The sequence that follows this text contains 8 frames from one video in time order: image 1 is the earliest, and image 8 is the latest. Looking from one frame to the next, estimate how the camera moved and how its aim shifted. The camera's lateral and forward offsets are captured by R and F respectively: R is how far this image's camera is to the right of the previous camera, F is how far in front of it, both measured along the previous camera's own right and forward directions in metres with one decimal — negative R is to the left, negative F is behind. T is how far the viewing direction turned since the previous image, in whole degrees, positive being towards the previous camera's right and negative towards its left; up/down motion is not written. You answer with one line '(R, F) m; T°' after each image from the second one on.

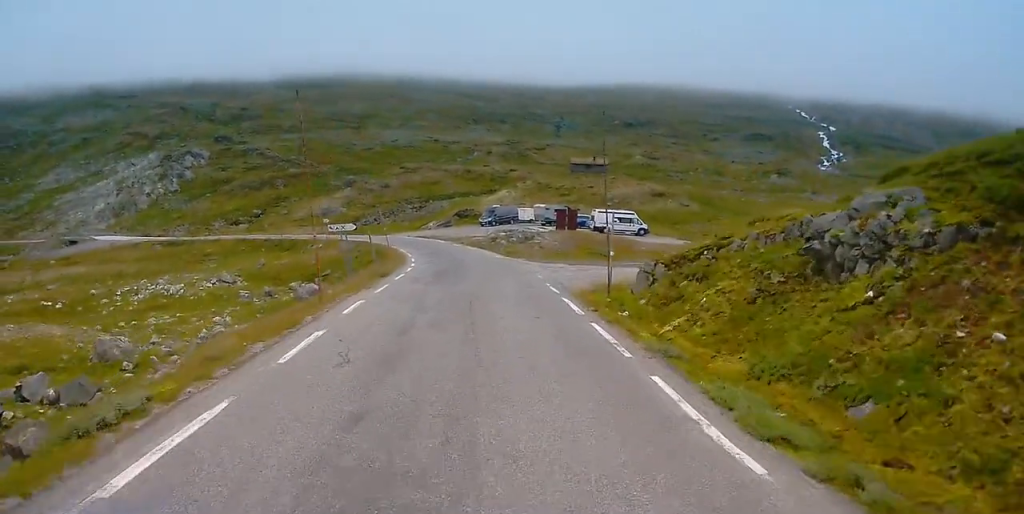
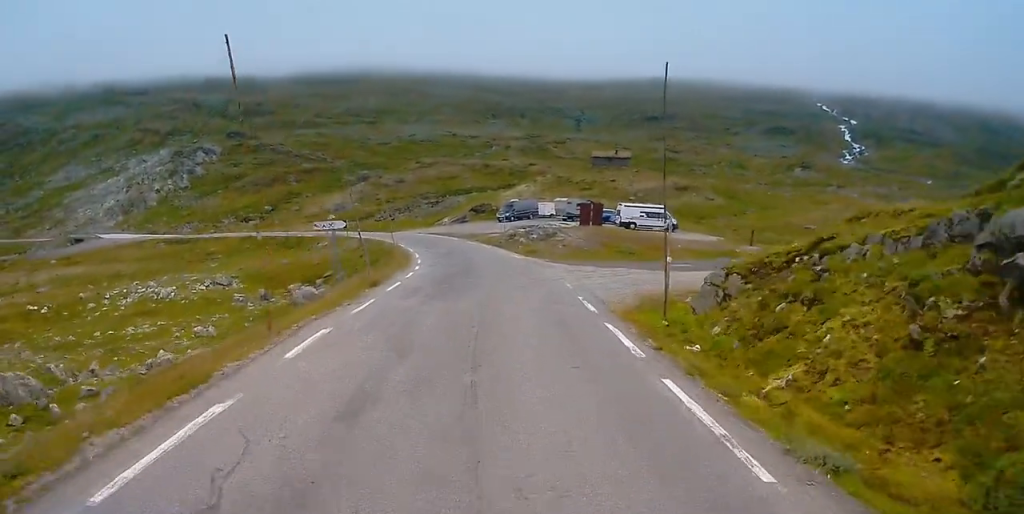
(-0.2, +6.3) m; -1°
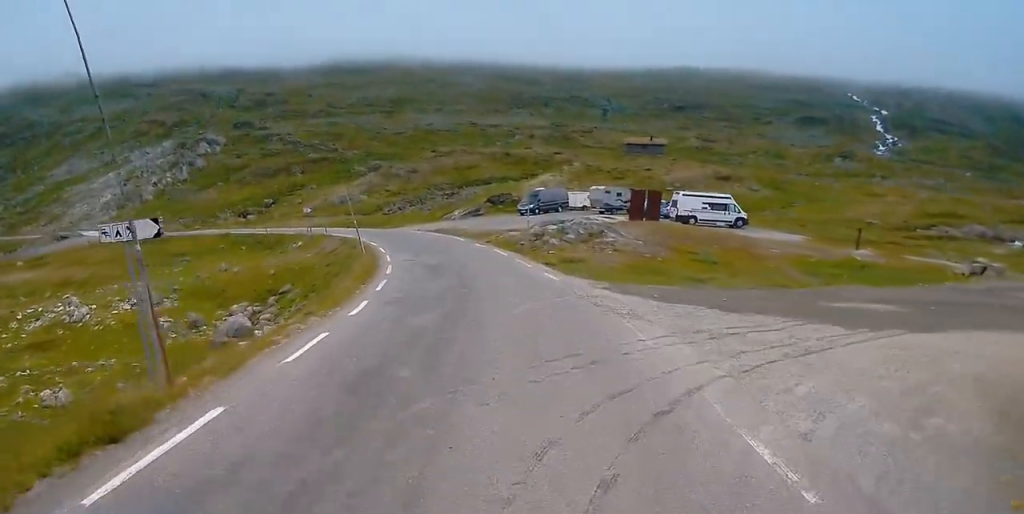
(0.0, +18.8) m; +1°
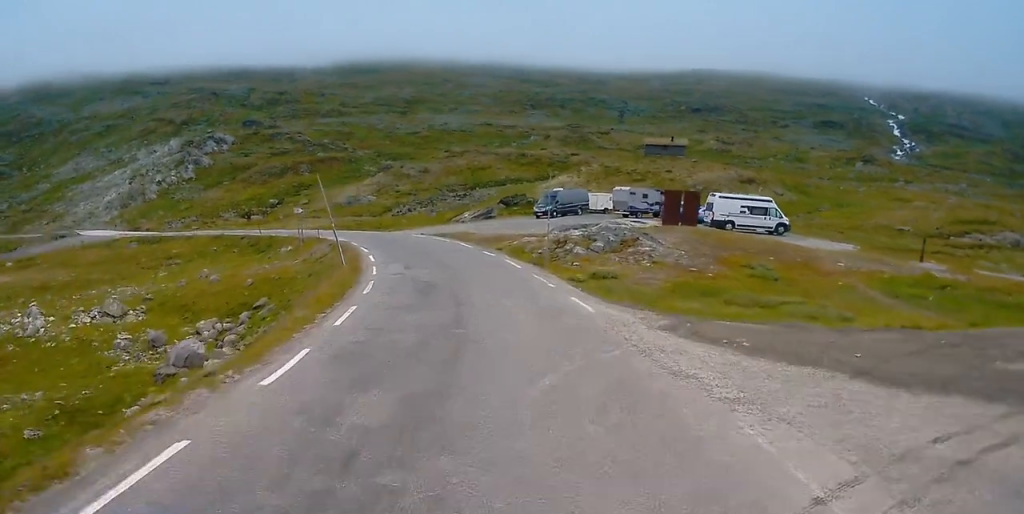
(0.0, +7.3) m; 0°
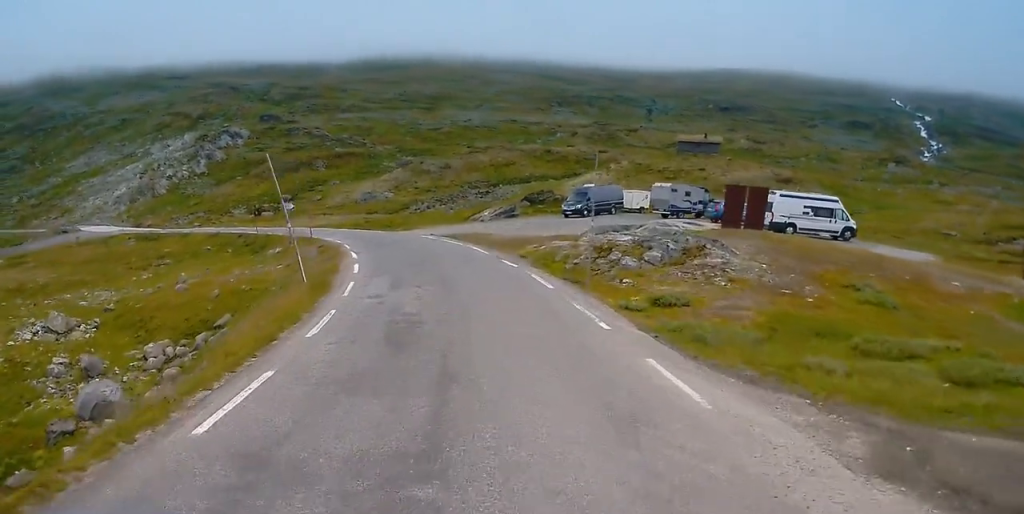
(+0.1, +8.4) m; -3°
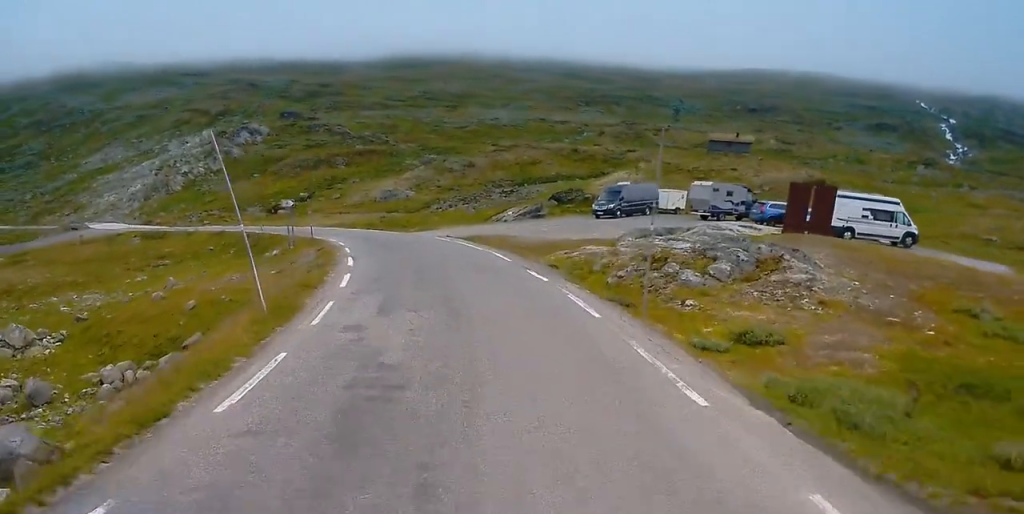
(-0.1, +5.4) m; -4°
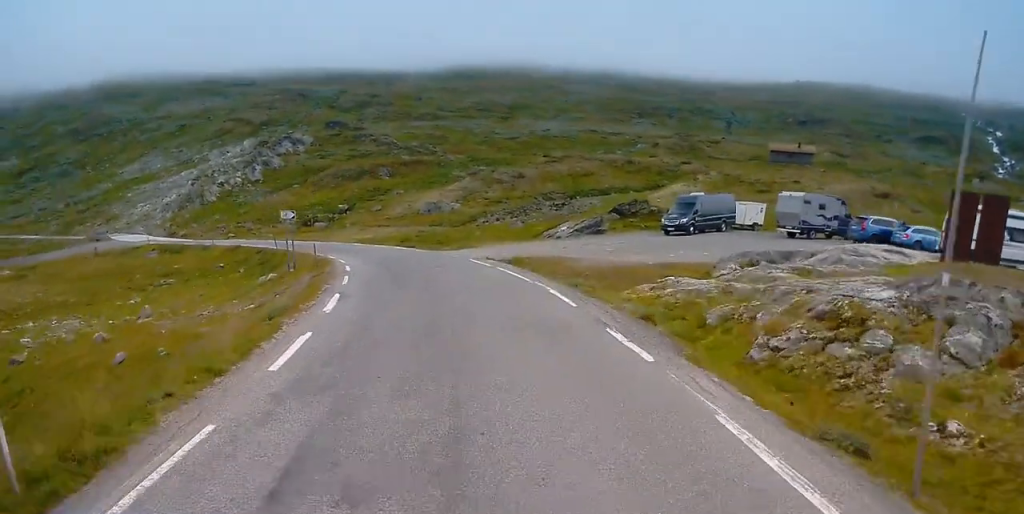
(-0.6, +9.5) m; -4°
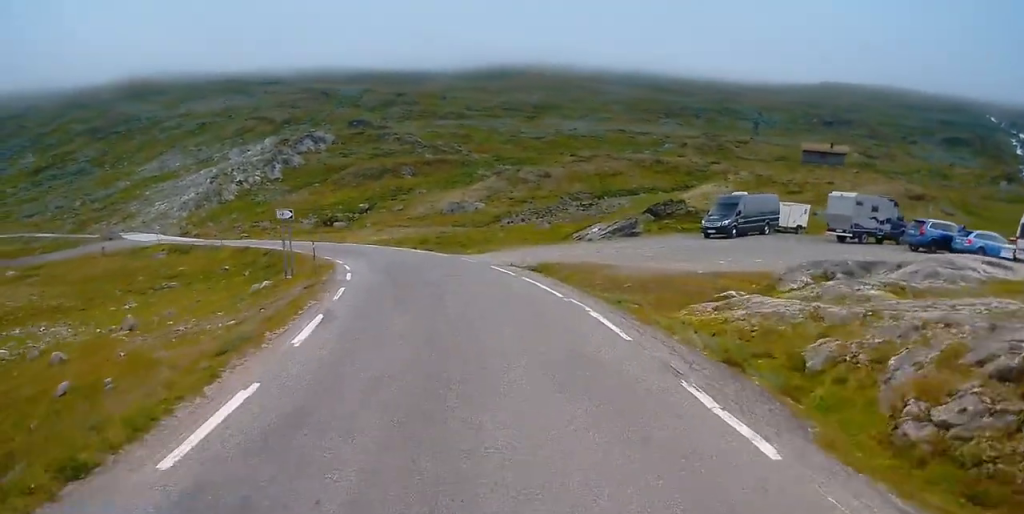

+ + + + + + +

▸ **What is needed**
Your task is to retype all the entries exactly and leave out any pictures.

▸ **Your response**
The sequence that follows this text contains 8 frames from one video in time order: image 1 is the earliest, and image 8 is the latest. Looking from one frame to the next, estimate how the camera moved and how its aim shifted. The camera's lateral and forward offsets are captured by R and F respectively: R is how far this image's camera is to the right of the previous camera, F is how far in front of it, both measured along the previous camera's own right and forward directions in metres with one decimal — negative R is to the left, negative F is behind. T is how far the viewing direction turned since the previous image, in whole degrees, positive being towards the previous camera's right and negative towards its left; up/down motion is not written. You answer with one line '(R, F) m; T°' after each image from the second one on.

(-0.2, +6.3) m; -1°
(0.0, +18.8) m; +1°
(0.0, +7.3) m; 0°
(+0.1, +8.4) m; -3°
(-0.1, +5.4) m; -4°
(-0.6, +9.5) m; -4°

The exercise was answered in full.